**What the exercise asks:**
No picture belongs in the answer, which must hold exactly the lines from the one with "ཐ་སྙད་དུ་འཁྲུལ" through the final line below.

=== Provided data ===

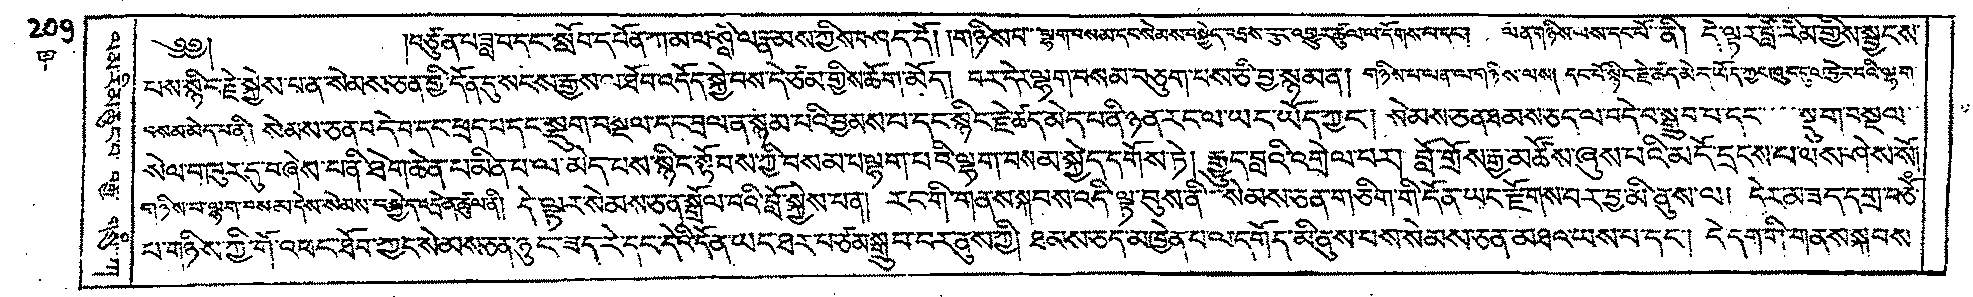༄༅། །བཙུན་པ་ཟླ་བ་དང་སློབ་དཔོན་ཀ་མ་ལ་ཤཱི་ལ་རྣམས་ཀྱིས་བཤད་དོ། །གཉིས་པལྷག་བསམ་དང་སེམས་བསྐྱེད་འབྲས་བུར་འགྱུར་ཚུལ་ལ་དོགས་པ་དང་། ལན་གཉིས་ལས་དང་པོནི། དེ་ལྟར་བློ་རིམ་གྱིས་སྦྱངས་
པས་སྙིང་རྗེ་སྐྱེས་པ་ན་སེམས་ཅན་གྱི་དོན་དུ་སངས་རྒྱས་ལ་ཐོབ་འདོད་སྐྱེ་བས་དེ་ཙམ་གྱིས་ཆོག་མོད། བར་དེར་ལྷག་བསམ་བཅུག་པས་ཅི་བྱ་སྙམ་ན། གཉིས་པ་ལན་ལ་གཉིས་ལས། དང་པོ་སྙིང་རྗེ་ཚད་མེད་ཡོད་ཀྱང་ཁུང་དུ་འཁྱེར་བའི་ལྷག་
བསམ་མེད་པ་ནི། སེམས་ཅན་བདེ་བ་དང་ཕྲད་པ་དང་སྡུག་བསྔལ་དང་བྲལ་ན་སྙམ་པའི་བྱམས་པ་དང་སྙིང་རྗེ་ཚད་མེད་པ་ནི་ཉན་རང་ལ་ཡང་ཡོད་ཀྱང་། སེམས་ཅན་ཐམས་ཅད་ལ་བདེ་བ་སྒྲུབ་པ་དངྶྡུག་བསྔལ་
སེལ་བ་ཁུར་དུ་བཞེས་པ་ནི་ཐེག་ཆེན་པ་མིན་པ་ལ་མེད་པས་སྙིང་སྟོབས་ཀྱི་བསམ་པ་ལྷག་པའི་ལྷག་བསམ་སྐྱེད་དགོས་ཏེ། རྒྱུད་བླའི་འགྲེལ་པར། བློ་གྲོས་རྒྱ་མཚོས་ཞུས་པའི་མདོ་དྲངས་པ་ལས་ཤེས་སོ།
གཉིས་པ་ལྷག་བསམ་དེས་སེམས་བསྐྱེད་འདྲེན་ཚུལ་ནི།  དེ་ལྟར་སེམས་ཅན་སྒྲོལ་བའི་བློ་སྐྱེས་པ་ན། རང་གི་གནས་སྐབས་འདི་ལྟ་བུས་ནིསེམས་ཅན་གཅིག་གི་དོན་ཡང་རྫོགས་པར་བྱ་མི་ནུས་ལ། དེར་མ་ཟད་དགྲ་བཅོཾ་
པ་གཉིས་ཀྱི་གོ་འཕང་ཐོབ་ཀྱང་སེམས་ཅན་ཉུང་ཟད་རེ་དང་དེའི་དོན་ཡང་ཐར་པ་ཙམ་སྒྲུབ་པར་ནུས་ཀྱི། ཐམས་ཅད་མཁྱེན་པ་ལ་དགོད་མི་ནུས་པས་སེམས་ཅན་མཐའ་ཡས་པ་དང་། དེ་དག་གི་གནས་སྐབས་
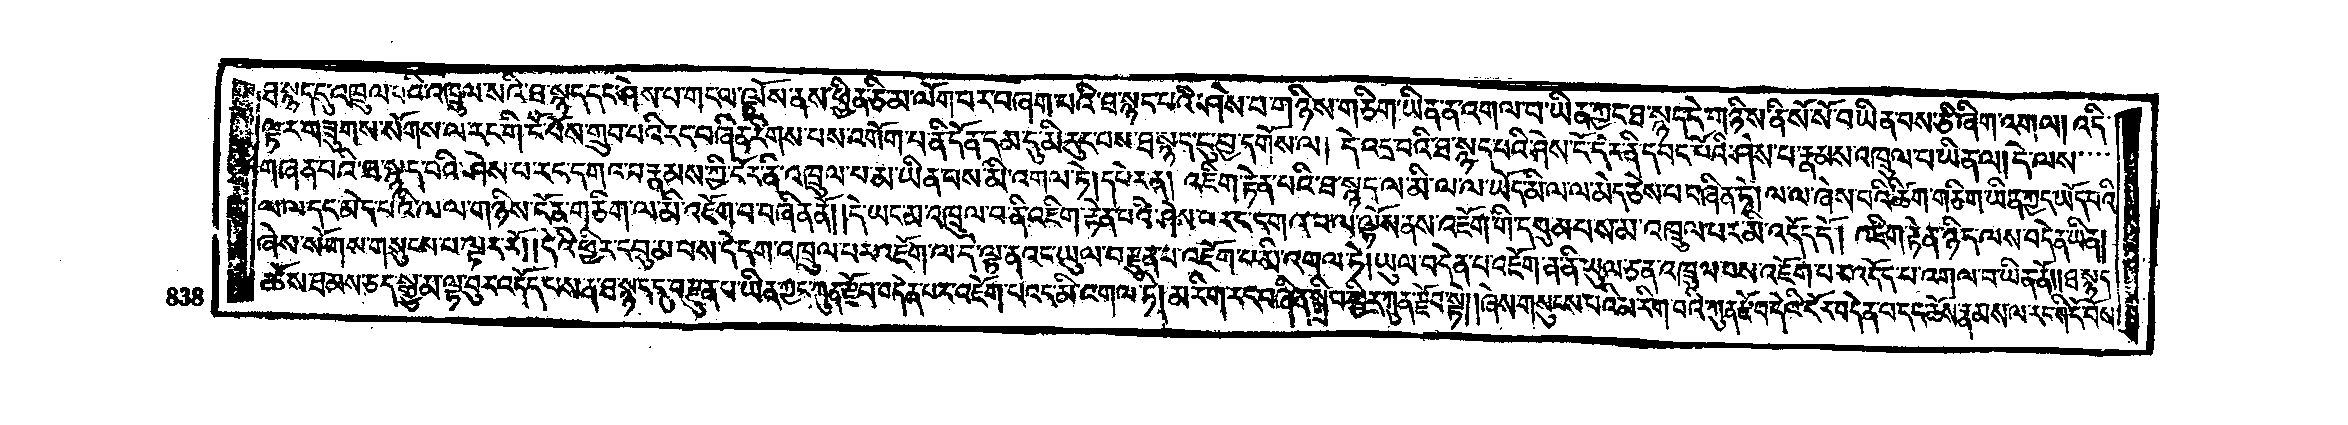ཐ་སྙད་དུ་འཁྲུལ་བའི་འཁྲུལ་སའི་ཐ་སྙད་དང་ཤེས་པ་གང་ལ་ལྟོས་ནས་ཕྱིན་ཅི་མ་ལོག་པར་བཞག་པའི་ཐ་སྙད་པའི་ཤེས་པ་གཉིས་གཅིག་ཡིན་ན་འགལ་བ་ཡིན་ཀྱང་ཐ་སྙད་དེ་གཉིས་ནི་སོ་སོ་བ་ཡིན་པས་ཅི་ཞིག་འགལ། འདི་
ལྟར་གཟུགས་སོགས་ལ་རང་གི་ངོ་བོས་གྲུབ་པའི་རང་བཞིན་རིགས་པས་འགོག་པ་ནི་དོན་དམ་དུ་མི་རུང་བས་ཐ་སྙད་དུ་བྱ་དགོས་ལ། དེ་འདྲ་བའི་ཐ་སྙད་པའི་ཤེས་ངོ་དེར་ནི་དབང་པོའི་ཤེས་པ་རྣམས་འཁྲུལ་བ་ཡིན་ལ། དེ་ལས་
གཞན་པའི་ཐ་སྙད་པའི་ཤེས་པ་རང་དགའ་བ་རྣམས་ཀྱི་ངོར་ནི་འཁྲུལ་པ་མ་ཡིན་པས་མི་འགལ་ཏེ། དཔེར་ན། འཇིག་རྟེན་པའི་ཐ་སྙད་ལ་མི་ལ་ལ་ཡོད་མི་ལ་ལ་མེད་ཅེས་ཕ་བཞིན་ཏེ། ལ་ལ་ཞེས་པའི་ཚིག་གཅིག་ཡིན་ཀྱང་ཡོད་པའི་
ལ་ལ་དང་མེད་པའི་ལ་ལ་གཉིས་དོན་གཅིག་ལ་མི་འཇོག་པ་བཞིན་ནོ། །དེ་ཡང་མ་འཁྲུལ་བ་ནི་འཇིག་རྟེན་པའི་ཤེས་པ་རང་དགའ་བ་ལ་ལྟོས་ནས་འཇོག་གི་དབུ་མ་པས་མ་འཁྲུལ་བར་མི་འདོད་དེ། འཇིག་རྟེན་ཉིད་ལས་བདེན་ཡིན།
ཞེས་སོགས་གསུངས་པ་ལྟར་རོ། །དེའི་ཕྱིར་དབུ་མ་པས་དེ་དག་འཁྲུལ་པར་འཇོག་ལ་དེ་ལྟ་ནའང་ཡུལ་བརྫུན་པ་འཇོག་པ་མི་འགལ་ཏེ། ཡུལ་བདེན་པ་འཇོག་ན་ནི་ཡུལ་ཅན་འཁྲུལ་པས་འཇོག་པར་འདོད་པ་འགལ་བ་ཡིན་ནོ། །ཐ་སྙད་
དུ་ཆོས་ཐམས་ཅད་སྒྱུ་མ་ལྟ་བུར་འདོད་པས་ན་ཐ་སྙད་དུ་བརྫུན་པ་ཡིན་ཀྱང་ཀུན་རྫོབ་བདེན་པར་འཇོག་པའང་མི་འགལ་ཏེ། མ་རིག་རང་བཞིན་སྒྲིབ་ཕྱིར་ཀུན་རྫོབ་སྟེ། །ཞེས་གསུངས་པའི་མ་རིག་པའི་ཀུན་རྫོབ་དེའི་ངོར་བདེན་པ་དང་ཆོས་རྣམས་ལ་རང་གི་ངོ་བོས་

===

**The completed task:**
ཐ་སྙད་དུ་འཁྲུལ་བའི་འཁྲུལ་སའི་ཐ་སྙད་དང་ཤེས་པ་གང་ལ་ལྟོས་ནས་ཕྱིན་ཅི་མ་ལོག་པར་བཞག་པའི་ཐ་སྙད་པའི་ཤེས་པ་གཉིས་གཅིག་ཡིན་ན་འགལ་བ་ཡིན་ཀྱང་ཐ་སྙད་དེ་གཉིས་ནི་སོ་སོ་བ་ཡིན་པས་ཅི་ཞིག་འགལ། འདི་
ལྟར་གཟུགས་སོགས་ལ་རང་གི་ངོ་བོས་གྲུབ་པའི་རང་བཞིན་རིགས་པས་འགོག་པ་ནི་དོན་དམ་དུ་མི་རུང་བས་ཐ་སྙད་དུ་བྱ་དགོས་ལ། དེ་འདྲ་བའི་ཐ་སྙད་པའི་ཤེས་ངོ་དེར་ནི་དབང་པོའི་ཤེས་པ་རྣམས་འཁྲུལ་བ་ཡིན་ལ། དེ་ལས་
གཞན་པའི་ཐ་སྙད་པའི་ཤེས་པ་རང་དགའ་བ་རྣམས་ཀྱི་ངོར་ནི་འཁྲུལ་པ་མ་ཡིན་པས་མི་འགལ་ཏེ། དཔེར་ན། འཇིག་རྟེན་པའི་ཐ་སྙད་ལ་མི་ལ་ལ་ཡོད་མི་ལ་ལ་མེད་ཅེས་ཕ་བཞིན་ཏེ། ལ་ལ་ཞེས་པའི་ཚིག་གཅིག་ཡིན་ཀྱང་ཡོད་པའི་
ལ་ལ་དང་མེད་པའི་ལ་ལ་གཉིས་དོན་གཅིག་ལ་མི་འཇོག་པ་བཞིན་ནོ། །དེ་ཡང་མ་འཁྲུལ་བ་ནི་འཇིག་རྟེན་པའི་ཤེས་པ་རང་དགའ་བ་ལ་ལྟོས་ནས་འཇོག་གི་དབུ་མ་པས་མ་འཁྲུལ་བར་མི་འདོད་དེ། འཇིག་རྟེན་ཉིད་ལས་བདེན་ཡིན།
ཞེས་སོགས་གསུངས་པ་ལྟར་རོ། །དེའི་ཕྱིར་དབུ་མ་པས་དེ་དག་འཁྲུལ་པར་འཇོག་ལ་དེ་ལྟ་ནའང་ཡུལ་བརྫུན་པ་འཇོག་པ་མི་འགལ་ཏེ། ཡུལ་བདེན་པ་འཇོག་ན་ནི་ཡུལ་ཅན་འཁྲུལ་པས་འཇོག་པར་འདོད་པ་འགལ་བ་ཡིན་ནོ། །ཐ་སྙད་
དུ་ཆོས་ཐམས་ཅད་སྒྱུ་མ་ལྟ་བུར་འདོད་པས་ན་ཐ་སྙད་དུ་བརྫུན་པ་ཡིན་ཀྱང་ཀུན་རྫོབ་བདེན་པར་འཇོག་པའང་མི་འགལ་ཏེ། མ་རིག་རང་བཞིན་སྒྲིབ་ཕྱིར་ཀུན་རྫོབ་སྟེ། །ཞེས་གསུངས་པའི་མ་རིག་པའི་ཀུན་རྫོབ་དེའི་ངོར་བདེན་པ་དང་ཆོས་རྣམས་ལ་རང་གི་ངོ་བོས་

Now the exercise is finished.